走行距離が少ないほど事故のリスクが低いとみなされ、保険料が安くなります。在宅勤務が増えた方や、あまり車に乗らなくなった方は、走行距離の設定を見直してみてください。
9. 各種割引を活用する
保険会社ごとにさまざまな割引があります。知らないだけで適用されていない割引がないか確認しましょう。
| 割引名 | 内容 |
|---|---|
| ゴールド免許割引 | ゴールド免許の場合に適用(多くの保険会社で5〜10%程度) |
| 新車割引 | 初度登録から一定期間内の車に適用 |
| インターネット割引 | ネットで契約すると適用(ダイレクト型で多い) |
| 早期契約割引 | 満期日より早めに契約すると適用 |
| セカンドカー割引 | 2台目の車を新規契約する際に等級が7等級スタートになる |
| 証券不発行割引 | 紙の保険証券を発行しない場合に適用 |
10. 長期契約を検討する
通常は1年ごとの契約ですが、2年・3年の長期契約を選べる保険会社もあります。
長期契約のメリット:
- 契約期間中に事故を起こしても、次の更新まで保険料が上がらない
- 毎年の手続きが不要
デメリット:
- 途中で他社に乗り換えにくい
- 保険料が下がるタイミング(等級アップ)の恩恵を受けるのが遅れる場合がある
いくら安くなる?具体的な節約シミュレーション
ケース1:30歳・フィット・20等級
| 見直しポイント | 節約目安 |
|---|---|
| 代理店型→ダイレクト型 | 約1万〜2万円/年 |
| 車両保険を一般型→エコノミー型 | 約1万〜1.5万円/年 |
| 免責金額を5-10万円に設定 | 約3,000〜5,000円/年 |
| ゴールド免許割引を適用 | 約3,000〜5,000円/年 |
| 合計 | 約2万〜3.5万円/年の節約が可能 |
ケース2:25歳・プリウス・12等級
| 見直しポイント | 節約目安 |
|---|---|
| 複数社比較で最安プランに変更 | 約1.5万〜3万円/年 |
| 運転者限定を「本人のみ」に | 約5,000〜8,000円/年 |
| 使用目的を「日常・レジャー」に | 約3,000〜5,000円/年 |
| 合計 | 約2.5万〜4万円/年の節約が可能 |
※金額はあくまで目安です。

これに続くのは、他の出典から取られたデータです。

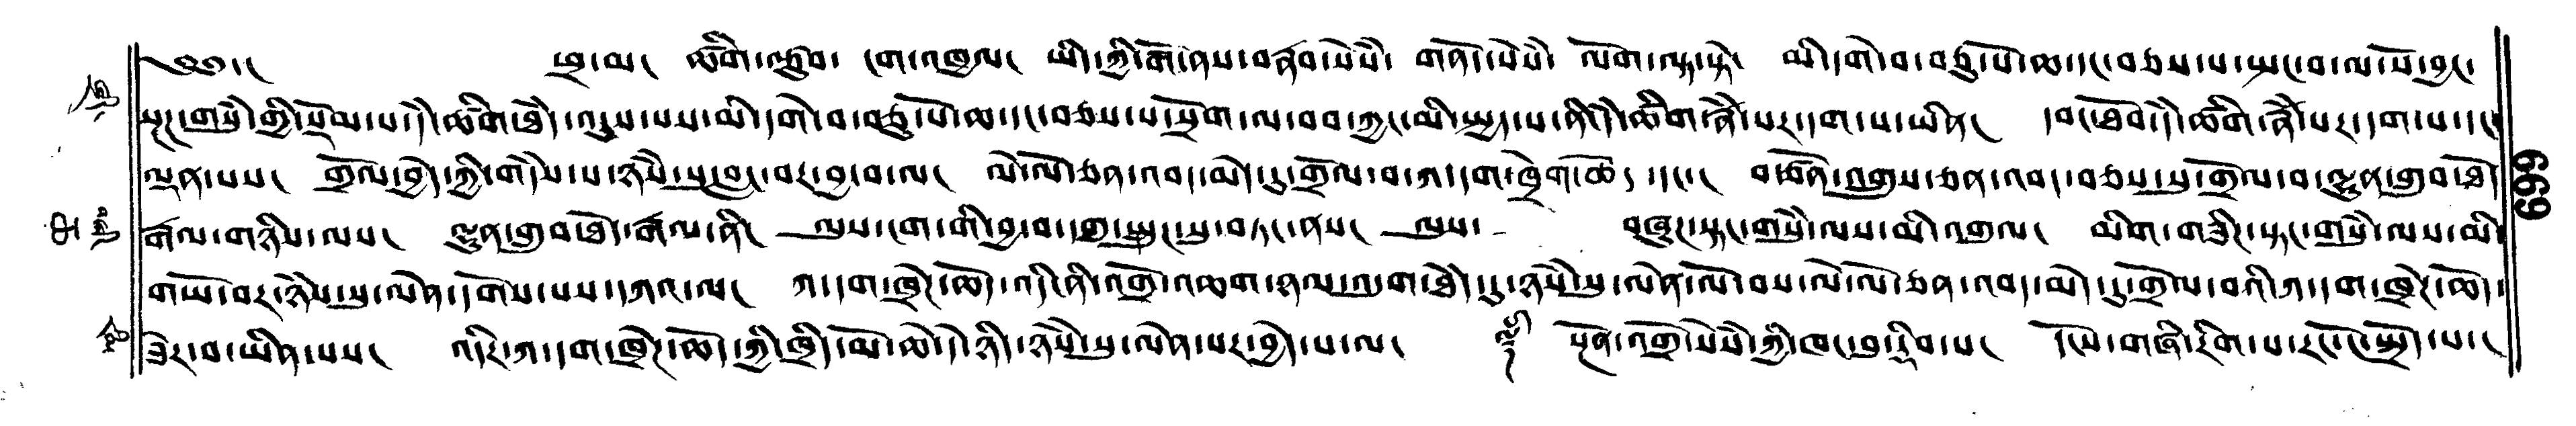ཕྲ་མ། ཚིག་རྩུབ། ངག་འཁྱལ། ཡིད་ཀྱི་སྒོ་ནས་བརྣབ་སེམས། གནོད་སེམས།ལོག་ལྟ་སྟེ། མི་དགེ་བ་བཅུ་པོ་ཆ་དང་བཅས་པ་སྤང་བ་ལ་སོ་བྱང་
སྔགས་གསུམ་གྱི་སྡོམ་པ་དམ་ཚིག་ཐམས་ཅད་འདུས་པས་མི་དགེ་བ་བཅུ་པོ་ཆ་དང་བཅས་པ་སྲོག་ལ་བབ་ཀྱང་མི་སྤྱོད་པ་ནི་དམ་ཚིག་རྣམ་པར་དག་པ་ཡིན། དབང་ཐོབ་དམ་ཚིག་རྣམ་པར་དག་པ་དང་
ལྡན་པས། གྲོལ་བྱེད་ཀྱི་གདམས་པ་ཉམས་སུ་བླང་བར་བྱ་བ་ལ། ལེ་ལོ་ཅན་འབད་མེད་དུ་གྲོལ་བ་ཀ་དག་ཁྲེག་ཆོད་དང་། བརྩོན་འགྲུས་ཅན་འབད་བཅས་སུ་གྲོལ་བ་ལྷུན་གྲུབ་ཐོད་
རྒལ་གཉིས་ལས། ལྷུན་གྲུབ་ཐོད་རྒལ་ནི། ལུས་ངག་གི་བྱ་བ་དགུ་ཕྲུགས་སུ་བཏང་ནས། ལུས་བཞུགས་སྟངས་གསུམ་ལས་མི་འགུལ། མིག་གཟིགས་སྟངས་གསུམ་ལས་མི་
གཡོ་བར་ཉམས་སུ་ལེན་དགོས་པས་དཀའ་ལ། ཀ་དག་ཁྲེགས་ཆོད་འདི་ནི་འགྲོ་འཆག་ཉལ་འདུག་ཐམས་ཅད་དུ་ཉམས་སུ་ལེན་ལོ་བས་ལེ་ལོ་ཅན་འབད་མེད་གྲོལ་བའི་ཀ་དག་ཁྲེགས་ཆོད་
ཟེར་བ་ཡིན་པས། འདིར་ཀ་དག་ཁྲེགས་ཆོད་ཀྱི་ཁྲིད་མོ་ཆེ་དེ་ཉིད་ཉམས་སུ་ལེན་པར་བྱེད་པ་ལ། ༈ སྔོན་འགྲོ་སེམས་ཀྱི་ཁང་བུ་རྡིབ་པ། དངོས་གཞི་རིག་པ་རང་ངོ་སྤྲོད་པ།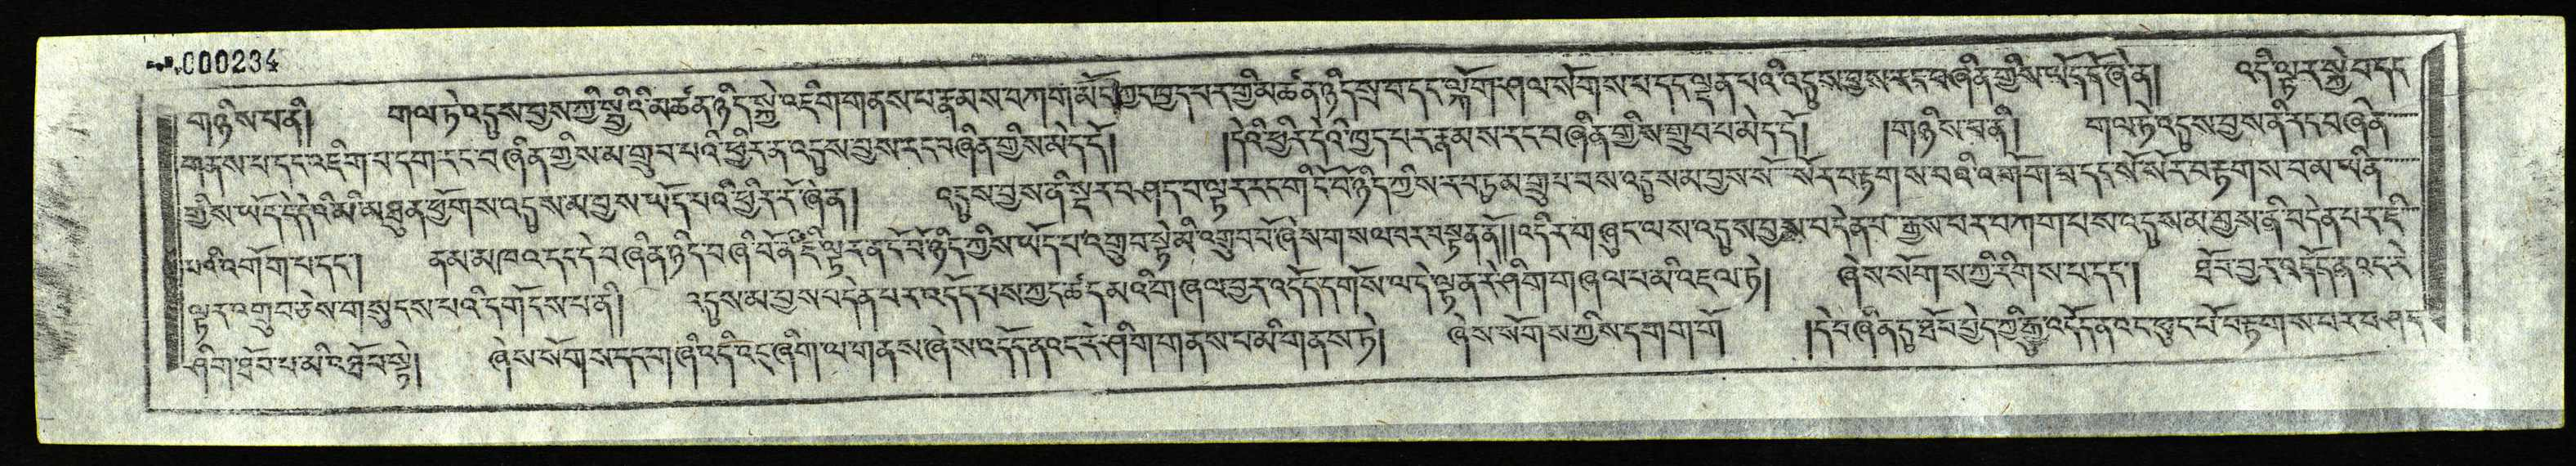གཉིས་པ་ནི། གལ་ཏེ་འདུས་བྱས་ཀྱི་སྤྱིའི་མཚན་ཉིད་སྐྱེ་འཇིག་གནས་པ་རྣམས་བཀག་མོད་ཀྱང་ཁྱད་པར་གྱི་མཚན་ཉིད་སྲ་བ་དང་ལྐོག་ཤལ་སོགས་པ་དང་ལྡན་པའི་འདུས་བྱས་རང་བཞིན་གྱིས་ཡོད་དོ་ཞེ་ན། འདི་ལྟར་སྐྱེ་བ་དང་
གནས་པ་དང་འཇིག་པ་དག་རང་བཞིན་གྱིས་མ་གྲུབ་པའི་ཕྱིར་ན་འདུས་བྱས་རང་བཞིན་གྱིས་མེད་དོ། །དེའི་ཕྱིར་དེའི་ཁྱད་པར་རྣམས་རང་བཞིན་གྱིས་གྲུབ་པ་མེད་དོ། །གཉིས་པ་ནི། གལ་ཏེ་འདུས་བྱས་ནི་རང་བཞིན་
གྱིས་ཡོད་དེ་དེའི་མི་མཐུན་ཕྱོགས་འདུས་མ་བྱས་ཡོད་པའི་ཕྱིར་རོ་ཞེ་ན། འདུས་བྱས་ནི་སྔར་བཤད་པ་ལྟར་རང་གི་ངོ་བོ་ཉིད་ཀྱིས་རབ་ཏུ་མ་གྲུབ་པས་འདུས་མ་བྱས་སོ་སོར་བརྟགས་པའི་འགོག་པ་དང་སོ་སོར་བརྟགས་བ་མ་ཡིན་
པའི་འགོག་པ་དང་། ནམ་མཁའ་དང་དེ་བཞིན་ཉིད་བཞི་པོ་ནི་ཇི་ལྟར་ན་ངོ་བོ་ཉིད་ཀྱིས་ཡོད་པ་འགྲུབ་སྟེ་མི་འགྲུབ་པོ་ཞེས་གསལ་བར་བསྟན་ནོ། །འདིར་གཞུང་ལས་འདུས་བྱས་བདེན་པ་རྒྱས་པར་བཀག་པས་འདུས་མ་བྱས་ནི་བདེན་པར་ཇི་
ལྟར་འགྲུབ་ཅེས་གསུངས་པའི་དགོངས་པ་ནི། འདུས་མ་བྱས་བདེན་པར་འདོད་པས་ཀྱང་ཚད་མའི་གཞལ་བྱར་འདོད་དགོས་ལ་དེ་ལྟ་ན་རེ་ཤིག་གཞལ་པ་མི་འཇལ་ཏེ། ཞེས་སོགས་ཀྱི་རིགས་པ་དང་། ཐོབ་བྱར་འདོད་ནའང་རེ་
ཤིག་ཐོབ་པ་མི་འཐོབ་སྟེ། ཞེས་སོགས་དང་གཞི་འདི་འདྲ་ཞིག་ལ་གནས་ཞེས་འདོད་ནའང་རེ་ཤིག་གནས་པ་མི་གནས་ཏེ། ཞེས་སོགས་ཀྱིས་དགག་གོ །དེ་བཞིན་དུ་ཐོབ་བྱེད་ཀྱི་རྒྱུ་འདོད་ནའང་ཕུང་པོ་བརྟགས་བར་བཤད་

実際の保険料は条件により異なります。
保険料が安くなるときの注意点
安くしすぎて補償が足りないリスク
保険料を下げることに集中しすぎると、いざという時に補償が不十分になる可能性があります。
削ってはいけない補償:
- 対人賠償 → 必ず「無制限」
- 対物賠償 → 必ず「無制限」
- 人身傷害 → 最低3,000万円以上
等級ダウンの影響
事故で保険を使うと等級が下がり、翌年以降の保険料が上がります。小さな修理は自費で対応し、保険を使わないほうがトータルで安くなる場合もあります。
自動車保険を見直すベストタイミング
| タイミング | なぜ見直すべきか |
|---|---|
| 更新の1〜2ヶ月前 | 十分な比較時間が取れる。最も一般的なタイミング |
| 車を買い替えたとき | 車種が変わると保険料が変わる |
| 引っ越したとき | 地域で保険料が異なる |
| 免許がゴールドになったとき | ゴールド免許割引が適用される |
| 家族構成が変わったとき | 運転者限定を見直せる |
| 通勤方法が変わったとき | 使用目的を変更できる |
よくある質問
Q. 一括見積もりで個人情報は大丈夫?
一括見積もりサービスは、見積もりに必要な最低限の情報のみを使用します。かんたん(cantan.jp)は金融庁の監督下にある保険募集人として、個人情報の適切な管理を行っています。
Q. 途中で保険会社を変えられますか?
はい、契約期間の途中でも保険会社を変更することは可能です。ただし、等級の引き継ぎには条件があるため、できれば満期のタイミングでの切り替えをおすすめします。
Q. 安い保険は事故対応が悪い?
保険料の安さと事故対応の品質は必ずしも比例しません。ダイレクト型(ネット型)でも事故対応の満足度が高い保険会社は複数あります。保険料だけでなく、事故対応の評判も比較するとよいでしょう。
まとめ:まず比較してみましょう
自動車保険料を安くする方法はたくさんありますが、最も効果的なのは「複数社の比較」です。
今の保険料が本当に適正かどうかは、他社と比べてみないとわかりません。更新のタイミングで一度比較するだけで、年間数万円の節約につながることもあります。